Alternately, infrastructure management and maintenance can be delegated to third-party “pinning” services, such as “NFT.storage”, “Pinata” and “Eternum”.

Understanding these subtle distinctions in infrastructure is often beyond the everyday user but could be make or break for the value of your next NFT. In terms of resilience, the strongest guarantee that the IPFS network can serve your content back to you is to run your own external node, host a copy of that content, and maintain that data.

Storage Best Practice

At present, there is no clear best practice standard of how data should be governed and stored in Web3.0.

NFTs, although of huge monetary value and interest, are only one example of why resilient, long-term, data persistence matters. In addition to NFTs, the decentralised web is used to store all kinds of content, including sensitive political or cultural information. There are several challenges here pertaining to who runs the servers that hosts the nodes to maintain the nodes that host the data, if not the individuals themselves as @Stammy asks in relation to NFTs, “is the onus on the owner…?”.

It is also imperative for system designers to design with resilience, meaning long term data persistence, in mind. @scott_lew_is on Twitter urges potential buyers to value NFTs based on them outlasting the issuing organisation.

Rather than relying on third-party NFT marketplace platforms that are less incentivised to maintain that content and may be vulnerable to attack, NFT owners and communities could collectively govern and back up their metadata by claiming greater ownership over their data storage architecture.
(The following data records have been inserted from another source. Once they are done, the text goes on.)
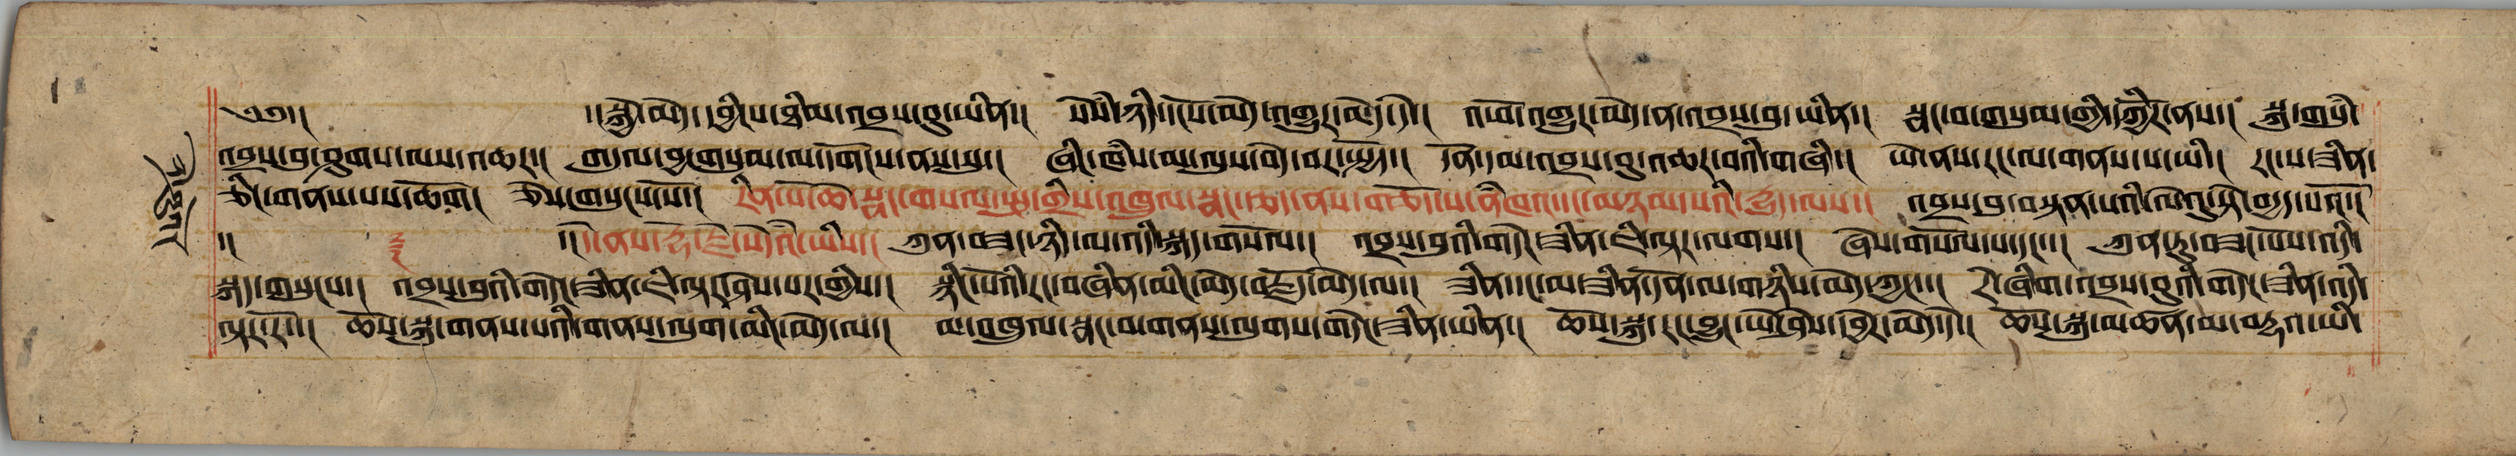༄༅་། ་།སྐྱེ་མེད་དབྱིངས་ཐིམ་འབྲས་བུ་ཡིན་། སེཾས་ཉིད་དངོས་མེད་འགྱུར་མེད་དེ་། འཕོ་འགྱུར་མེད་ན་འབྲས་བུ་ཡིན་། སྣང་བ་གསུམ་གྱི་དཀྱིོར་ནས་། སྐུ་གསུཾ་
འབྲས་བུ་ཤུགས་ལས་འཆར་། གདུལ་བྱ་གསུམ་ལ་དགོངས་ནས་སུ་། ཞིང་ཁཾས་མ་ལུས་བདེ་བར་སྤྱོད་། དོན་ལ་འབྲས་བུ་འཆར་བའི་གཞི་། ཡེ་ནས་རང་ལ་གནས་པ་ཡི་། རང་ས་ཟིན་
ཅིང་གནས་པས་ཆོག། ཅེས་གསུངས་སོ་། རིན་པོ་ཆེ་སྣང་གསལ་སྤུ་གྲིས་འཁྲུལ་སྣང་རྩད་ནས་གཅོད་པ་ནཾཁའ་དང་མཉམ་པའི་དྱུད་ལས་། འབྲས་བུ་བསྟན་པའི་ལེའུ་སྟེ་བདྱད་པའོ་།
་། ༈ ་།དེ་ནས་རྡོ་རྗེ་སེདཾའ་ཡིས་། ཀུན་བཟང་ཉི་མ་འདི་སྐད་གསོལ་། འབྲས་བུའི་གདེང་ཟིན་ཇི་ལྟར་ལགས་། ཞེས་གསོལ་པ་དང་། ཀུན་ཏུ་བཟང་པོས་འདི་
སྐད་གསུངས་། འབྲས་བུའི་གདེང་ཟིན་ཇི་ལྟར་ཤེས་པར་གྱིས་། སྙིང་པོའི་རང་བཞིན་མིང་མེད་བརྗོད་མེད་ལ་། ཟིན་དང་མ་ཟིན་དོན་ལ་གཉིས་མེད་ཀྱང་། རེ་ཞིག་འབྲས་བུའི་གདེང་ཟིན་འདི་
ལྟར་རོ་། ཆོས་སྐུ་གནས་པའི་གནས་ལུག་མིང་མེད་ལ་། མ་འཁྲུལ་སྣང་བ་གནས་ལུགས་གདེང་ཟིན་ཡིན་། ཆོས་སྐུ་རང་བྱུང་ཡེ་ཤེས་དབྱེར་མེད་དེ་། ཆོས་སྐུ་མཚན་མ་བརྡའ་ཡི་

This could look like NFT investing DAOs (such as FlamingoDAO and PoolTogether) ensuring that they copy and create multiple back-ups of the CIDs of their collections. It could also look like holders of certain classes of NFTs (such as “CryptoPunks” and “Pudgy Penguins”), collaborating to make numerous, redundant copies of NFT metadata between DAO members to ensure persistent and resilient data storage, and collectively manage and govern storage at a local-first level.